Start of Data supplied
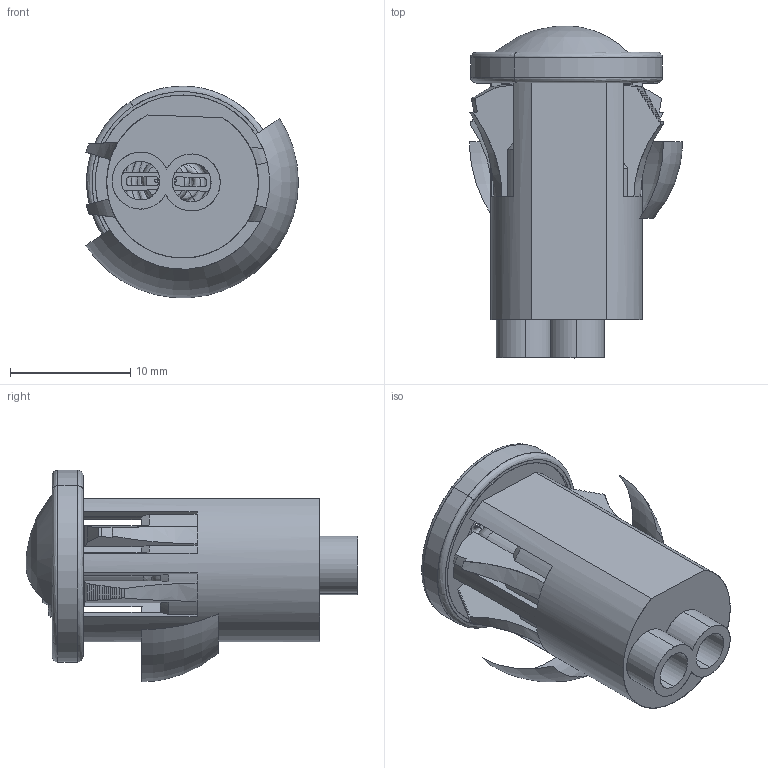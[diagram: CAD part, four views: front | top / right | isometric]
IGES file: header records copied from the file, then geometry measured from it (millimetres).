
Start section: SolidWorks IGES file using analytic representation for surfaces
Global section: file name: STEP;1090D.IGS; native system: SolidWorks 2016; preprocessor: SolidWorks 2016; author: mvancourt; date: 161115.143728; units: inch
Bounding box: 17.73 x 27.66 x 17.62 mm (x, y, z)
Surface area: 3727.9 mm2 (no closed solid volume)
Topology: 0 solids, 0 shells, 259 faces, 2378 edges, 2372 vertices
Faces by surface type: bspline 139, revolution 120
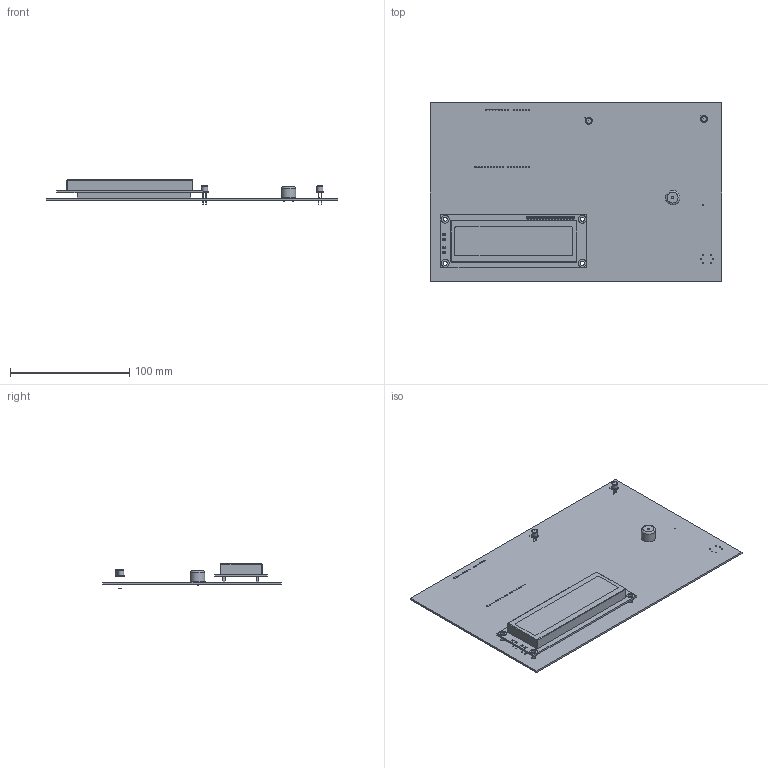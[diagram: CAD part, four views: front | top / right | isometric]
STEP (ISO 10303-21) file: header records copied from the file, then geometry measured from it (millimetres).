
FILE_DESCRIPTION(('KiCad electronic assembly'),'2;1');
FILE_NAME('AIR MONITORING SYSTEM.step','2026-01-29T16:36:29',('Pcbnew'), ('Kicad'),'Open CASCADE STEP processor 7.8','KiCad to STEP converter', 'Unknown');
FILE_SCHEMA(('AUTOMOTIVE_DESIGN { 1 0 10303 214 1 1 1 1 }'));
Length unit declared in the file: millimetre
Products named in the file (10): AIR MONITORING SYSTEM 1; TO-18-2_Window; Buzzer_12x9.5RM7.6; Buzzer_12x95RM76; LCD-016N002L; Fusion032_sp; R_0201_0603Metric; AIR MONITORING SYSTEM_PCB
Assembly tree (10 placements, depth 3):
  AIR MONITORING SYSTEM 1
    TO-18-2_Window  x2
      TO-18-2_Window
    Buzzer_12x9.5RM7.6
      Buzzer_12x95RM76
    LCD-016N002L
      Fusion032_sp
    R_0201_0603Metric
      R_0201_0603Metric
    AIR MONITORING SYSTEM_PCB
Bounding box: 244 x 149.5 x 20.2 mm (x, y, z)
Volume: 103143.8 mm3; surface area: 91144.7 mm2
Topology: 8 solids, 8 shells, 373 faces, 892 edges, 558 vertices
Faces by surface type: plane 191, cylinder 170, revolution 4, torus 4, cone 2, sphere 2
Full cylindrical faces by diameter (mm): 0.48 x4, 0.7 x4, 0.9 x2, 1 x60, 1.1 x40, 2 x1, 3.5 x16, 4.202 x2, 4.256 x2, 4.95 x2, 6.76 x8, 12 x1
Entity records: 12716 total; most frequent: DIRECTION 1906, CARTESIAN_POINT 1745, ORIENTED_EDGE 1698, EDGE_CURVE 849, AXIS2_PLACEMENT_3D 694, FACE_BOUND 556, EDGE_LOOP 556, VERTEX_POINT 533
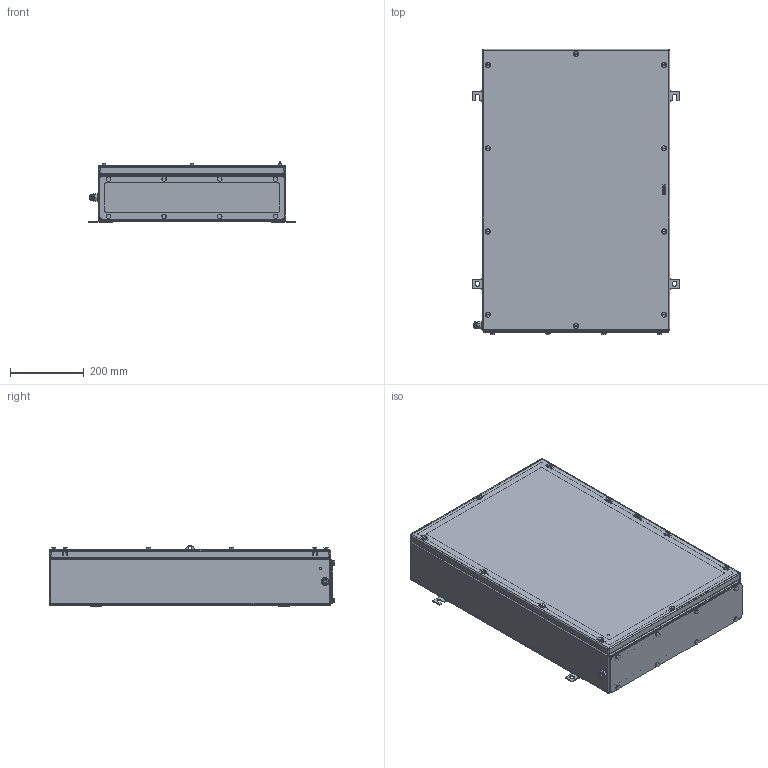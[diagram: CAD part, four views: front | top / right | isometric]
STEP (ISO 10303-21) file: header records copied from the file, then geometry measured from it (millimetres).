
FILE_DESCRIPTION(('CATIA V5 STEP Exchange','CAx-IF Rec.Pracs.--- Model Styling and Organization---1.4--- 2014-01-23'),'2;1');
FILE_NAME ('008580-5_2_1195410000_1195410000.stp','2019-07-19T06:38:29+00:00',('none'),('Weidmueller'),'CATIA Version 5-6 Release 2016 SP3 HF44','CATIA V5 STEP AP214','none');
FILE_SCHEMA(('AUTOMOTIVE_DESIGN { 1 0 10303 214 1 1 1 1 }'));
Products named in the file (1): 1195410000
Bounding box: 559 x 773 x 165 mm (x, y, z)
Volume: 2292514.3 mm3; surface area: 2772449 mm2
Topology: 73 solids, 73 shells, 2666 faces, 6294 edges, 3691 vertices
Faces by surface type: cylinder 1109, plane 979, torus 212, sphere 156, cone 150, bspline 60
Entity records: 75531 total; most frequent: CARTESIAN_POINT 18552, ORIENTED_EDGE 12184, DIRECTION 10048, EDGE_CURVE 6092, AXIS2_PLACEMENT_3D 4581, VERTEX_POINT 3691, VECTOR 3335, LINE 3335
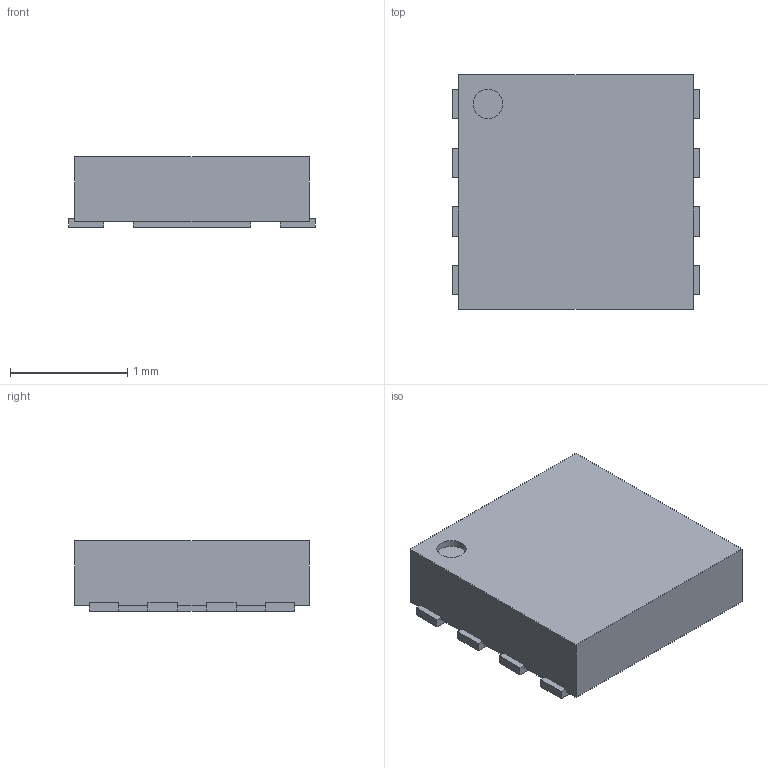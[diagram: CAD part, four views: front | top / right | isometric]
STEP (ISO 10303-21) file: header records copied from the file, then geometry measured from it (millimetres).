
FILE_DESCRIPTION(('FreeCAD Model'),'2;1');
FILE_NAME('889220.1.2.stp','2020-04-09T14:35:37',( 'Author'),(''),'Open CASCADE STEP processor 6.9','FreeCAD','Unknown' );
FILE_SCHEMA(('AUTOMOTIVE_DESIGN { 1 0 10303 214 1 1 1 1 }'));
Length unit declared in the file: millimetre
Products named in the file (4): ASSEMBLY; Body; ThermalPin; PinsArrayLR
Assembly tree (3 placements, depth 2):
  ASSEMBLY
    Body
    ThermalPin
    PinsArrayLR
Bounding box: 2.1 x 2 x 0.6 mm (x, y, z)
Volume: 2.4 mm3; surface area: 17.7 mm2
Topology: 10 solids, 10 shells, 62 faces, 123 edges, 82 vertices
Faces by surface type: plane 61, cylinder 1
Full cylindrical faces by diameter (mm): 0.25 x1
Entity records: 3309 total; most frequent: CARTESIAN_POINT 517, DIRECTION 503, LINE 365, VECTOR 365, ORIENTED_EDGE 246, PCURVE 246, DEFINITIONAL_REPRESENTATION 246, EDGE_CURVE 123
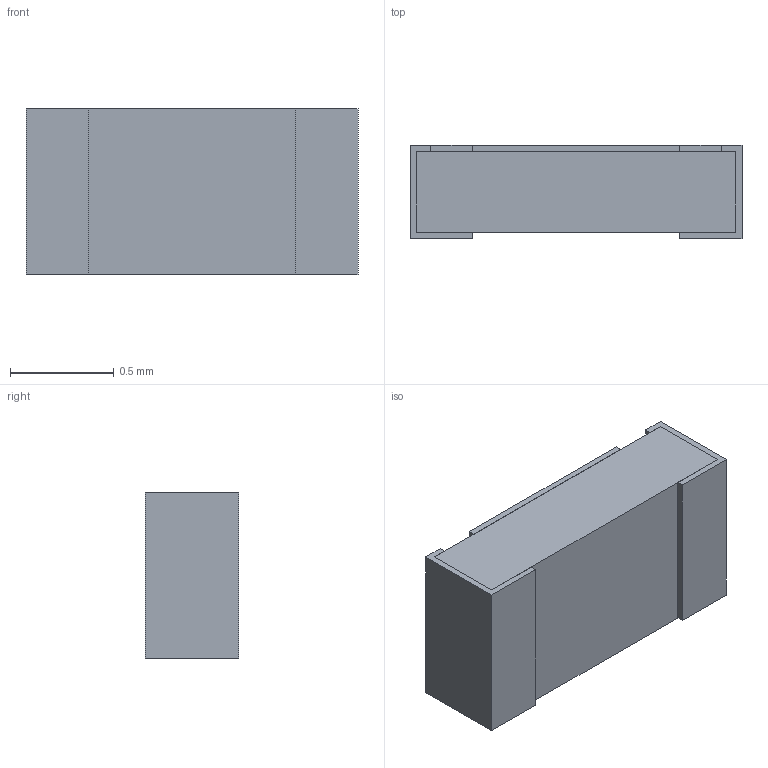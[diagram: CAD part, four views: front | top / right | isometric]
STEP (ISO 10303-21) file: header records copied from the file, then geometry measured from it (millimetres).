
FILE_DESCRIPTION (( 'STEP AP214' ), '1' );
FILE_NAME ('0603 resistor.STEP', '2012-03-18T02:49:20', ( '' ), ( '' ), 'SwSTEP 2.0', 'SolidWorks 2010', '' );
FILE_SCHEMA (( 'AUTOMOTIVE_DESIGN' ));
Length unit declared in the file: millimetre
Products named in the file (1): 0603 resistor
Bounding box: 1.6 x 0.45 x 0.8 mm (x, y, z)
Volume: 0.5 mm3; surface area: 9 mm2
Topology: 2 solids, 2 shells, 45 faces, 166 edges, 132 vertices
Faces by surface type: plane 45
Entity records: 2355 total; most frequent: CARTESIAN_POINT 530, ORIENTED_EDGE 332, DIRECTION 239, EDGE_CURVE 166, LINE 147, VECTOR 147, VERTEX_POINT 132, EDGE_LOOP 52
End of Data supplied
Work instructions = Repeat the data above exactly; images are not part of the copy.

Answer section =
[diagram: CAD part, four views: front | top / right | isometric]
IGES file: header records copied from the file, then geometry measured from it (millimetres).
Start section: SolidWorks IGES file using analytic representation for surfaces
Global section: file name: STEP;1090D.IGS; native system: SolidWorks 2016; preprocessor: SolidWorks 2016; author: mvancourt; date: 161115.143728; units: inch
Bounding box: 17.73 x 27.66 x 17.62 mm (x, y, z)
Surface area: 3727.9 mm2 (no closed solid volume)
Topology: 0 solids, 0 shells, 259 faces, 2378 edges, 2372 vertices
Faces by surface type: bspline 139, revolution 120
[diagram: CAD part, four views: front | top / right | isometric]
STEP (ISO 10303-21) file: header records copied from the file, then geometry measured from it (millimetres).
FILE_DESCRIPTION(('KiCad electronic assembly'),'2;1');
FILE_NAME('AIR MONITORING SYSTEM.step','2026-01-29T16:36:29',('Pcbnew'), ('Kicad'),'Open CASCADE STEP processor 7.8','KiCad to STEP converter', 'Unknown');
FILE_SCHEMA(('AUTOMOTIVE_DESIGN { 1 0 10303 214 1 1 1 1 }'));
Length unit declared in the file: millimetre
Products named in the file (10): AIR MONITORING SYSTEM 1; TO-18-2_Window; Buzzer_12x9.5RM7.6; Buzzer_12x95RM76; LCD-016N002L; Fusion032_sp; R_0201_0603Metric; AIR MONITORING SYSTEM_PCB
Assembly tree (10 placements, depth 3):
  AIR MONITORING SYSTEM 1
    TO-18-2_Window  x2
      TO-18-2_Window
    Buzzer_12x9.5RM7.6
      Buzzer_12x95RM76
    LCD-016N002L
      Fusion032_sp
    R_0201_0603Metric
      R_0201_0603Metric
    AIR MONITORING SYSTEM_PCB
Bounding box: 244 x 149.5 x 20.2 mm (x, y, z)
Volume: 103143.8 mm3; surface area: 91144.7 mm2
Topology: 8 solids, 8 shells, 373 faces, 892 edges, 558 vertices
Faces by surface type: plane 191, cylinder 170, revolution 4, torus 4, cone 2, sphere 2
Full cylindrical faces by diameter (mm): 0.48 x4, 0.7 x4, 0.9 x2, 1 x60, 1.1 x40, 2 x1, 3.5 x16, 4.202 x2, 4.256 x2, 4.95 x2, 6.76 x8, 12 x1
Entity records: 12716 total; most frequent: DIRECTION 1906, CARTESIAN_POINT 1745, ORIENTED_EDGE 1698, EDGE_CURVE 849, AXIS2_PLACEMENT_3D 694, FACE_BOUND 556, EDGE_LOOP 556, VERTEX_POINT 533
[diagram: CAD part, four views: front | top / right | isometric]
STEP (ISO 10303-21) file: header records copied from the file, then geometry measured from it (millimetres).
FILE_DESCRIPTION(('CATIA V5 STEP Exchange','CAx-IF Rec.Pracs.--- Model Styling and Organization---1.4--- 2014-01-23'),'2;1');
FILE_NAME ('008580-5_2_1195410000_1195410000.stp','2019-07-19T06:38:29+00:00',('none'),('Weidmueller'),'CATIA Version 5-6 Release 2016 SP3 HF44','CATIA V5 STEP AP214','none');
FILE_SCHEMA(('AUTOMOTIVE_DESIGN { 1 0 10303 214 1 1 1 1 }'));
Products named in the file (1): 1195410000
Bounding box: 559 x 773 x 165 mm (x, y, z)
Volume: 2292514.3 mm3; surface area: 2772449 mm2
Topology: 73 solids, 73 shells, 2666 faces, 6294 edges, 3691 vertices
Faces by surface type: cylinder 1109, plane 979, torus 212, sphere 156, cone 150, bspline 60
Entity records: 75531 total; most frequent: CARTESIAN_POINT 18552, ORIENTED_EDGE 12184, DIRECTION 10048, EDGE_CURVE 6092, AXIS2_PLACEMENT_3D 4581, VERTEX_POINT 3691, VECTOR 3335, LINE 3335
[diagram: CAD part, four views: front | top / right | isometric]
STEP (ISO 10303-21) file: header records copied from the file, then geometry measured from it (millimetres).
FILE_DESCRIPTION(('FreeCAD Model'),'2;1');
FILE_NAME('889220.1.2.stp','2020-04-09T14:35:37',( 'Author'),(''),'Open CASCADE STEP processor 6.9','FreeCAD','Unknown' );
FILE_SCHEMA(('AUTOMOTIVE_DESIGN { 1 0 10303 214 1 1 1 1 }'));
Length unit declared in the file: millimetre
Products named in the file (4): ASSEMBLY; Body; ThermalPin; PinsArrayLR
Assembly tree (3 placements, depth 2):
  ASSEMBLY
    Body
    ThermalPin
    PinsArrayLR
Bounding box: 2.1 x 2 x 0.6 mm (x, y, z)
Volume: 2.4 mm3; surface area: 17.7 mm2
Topology: 10 solids, 10 shells, 62 faces, 123 edges, 82 vertices
Faces by surface type: plane 61, cylinder 1
Full cylindrical faces by diameter (mm): 0.25 x1
Entity records: 3309 total; most frequent: CARTESIAN_POINT 517, DIRECTION 503, LINE 365, VECTOR 365, ORIENTED_EDGE 246, PCURVE 246, DEFINITIONAL_REPRESENTATION 246, EDGE_CURVE 123
[diagram: CAD part, four views: front | top / right | isometric]
STEP (ISO 10303-21) file: header records copied from the file, then geometry measured from it (millimetres).
FILE_DESCRIPTION (( 'STEP AP214' ), '1' );
FILE_NAME ('0603 resistor.STEP', '2012-03-18T02:49:20', ( '' ), ( '' ), 'SwSTEP 2.0', 'SolidWorks 2010', '' );
FILE_SCHEMA (( 'AUTOMOTIVE_DESIGN' ));
Length unit declared in the file: millimetre
Products named in the file (1): 0603 resistor
Bounding box: 1.6 x 0.45 x 0.8 mm (x, y, z)
Volume: 0.5 mm3; surface area: 9 mm2
Topology: 2 solids, 2 shells, 45 faces, 166 edges, 132 vertices
Faces by surface type: plane 45
Entity records: 2355 total; most frequent: CARTESIAN_POINT 530, ORIENTED_EDGE 332, DIRECTION 239, EDGE_CURVE 166, LINE 147, VECTOR 147, VERTEX_POINT 132, EDGE_LOOP 52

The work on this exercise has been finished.